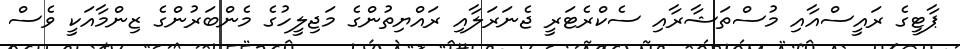
ޕާޓީގެ ރައީސްއާއި މުސްތަޝާރާއި ސެކްރެޓަރީ ޖެނަރަލާއި ރައްޔިތުންގެ މަޖިލީހުގެ މެންބަރުންގެ ޒިންމާއަކީ ވެސް
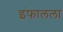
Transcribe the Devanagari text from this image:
इंफालला
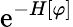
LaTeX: \mathrm{e}^{-H[\varphi]}
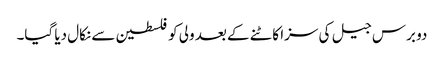
دو برس جیل کی سزا کاٹنے کے بعد ولی کو فلسطین سے نکال دیا گیا۔
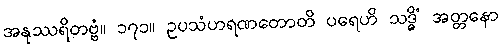
အနုဿရိတဗ္ဗံ။ ၁၇၁။ ဥပသံဟရဏတောတိ ပရေဟိ သဒ္ဓိံ အတ္တနော
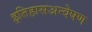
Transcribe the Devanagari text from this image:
इतिहासअन्वेषण
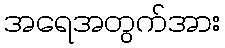
အရေအတွက်အား
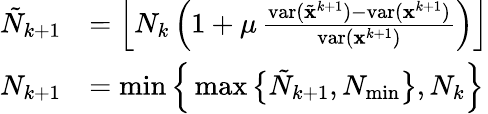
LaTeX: \begin{array}{rl}{\tilde{N}_{k+1}}&{=\left\lfloor N_{k}\left(1+\mu\, \frac{\textup{var}(\tilde{\mathbf{x}}^{k+1})-\textup{var}(\mathbf{x}^{k+1})}{\textup{var}(\mathbf{x}^{k+1})}\right)\right\rfloor}\\ {N_{k+1}}&{=\operatorname*{min}\Big\{ \operatorname*{max}\big\{ \tilde{N}_{k+1},N_{\operatorname*{min}}\big\} ,N_{k}\Big\} }\end{array}
────────────────────────────────────────
◆ What is expected ◆
Your task is to return every entry exactly as it was written, with the pictures removed.

◆ Answer for this exercise ◆
ޕާޓީގެ ރައީސްއާއި މުސްތަޝާރާއި ސެކްރެޓަރީ ޖެނަރަލާއި ރައްޔިތުންގެ މަޖިލީހުގެ މެންބަރުންގެ ޒިންމާއަކީ ވެސް
Transcribe the Devanagari text from this image:
इंफालला
LaTeX: \mathrm{e}^{-H[\varphi]}
دو برس جیل کی سزا کاٹنے کے بعد ولی کو فلسطین سے نکال دیا گیا۔
အနုဿရိတဗ္ဗံ။ ၁၇၁။ ဥပသံဟရဏတောတိ ပရေဟိ သဒ္ဓိံ အတ္တနော
Transcribe the Devanagari text from this image:
इतिहासअन्वेषण
အရေအတွက်အား
LaTeX: \begin{array}{rl}{\tilde{N}_{k+1}}&{=\left\lfloor N_{k}\left(1+\mu\, \frac{\textup{var}(\tilde{\mathbf{x}}^{k+1})-\textup{var}(\mathbf{x}^{k+1})}{\textup{var}(\mathbf{x}^{k+1})}\right)\right\rfloor}\\ {N_{k+1}}&{=\operatorname*{min}\Big\{ \operatorname*{max}\big\{ \tilde{N}_{k+1},N_{\operatorname*{min}}\big\} ,N_{k}\Big\} }\end{array}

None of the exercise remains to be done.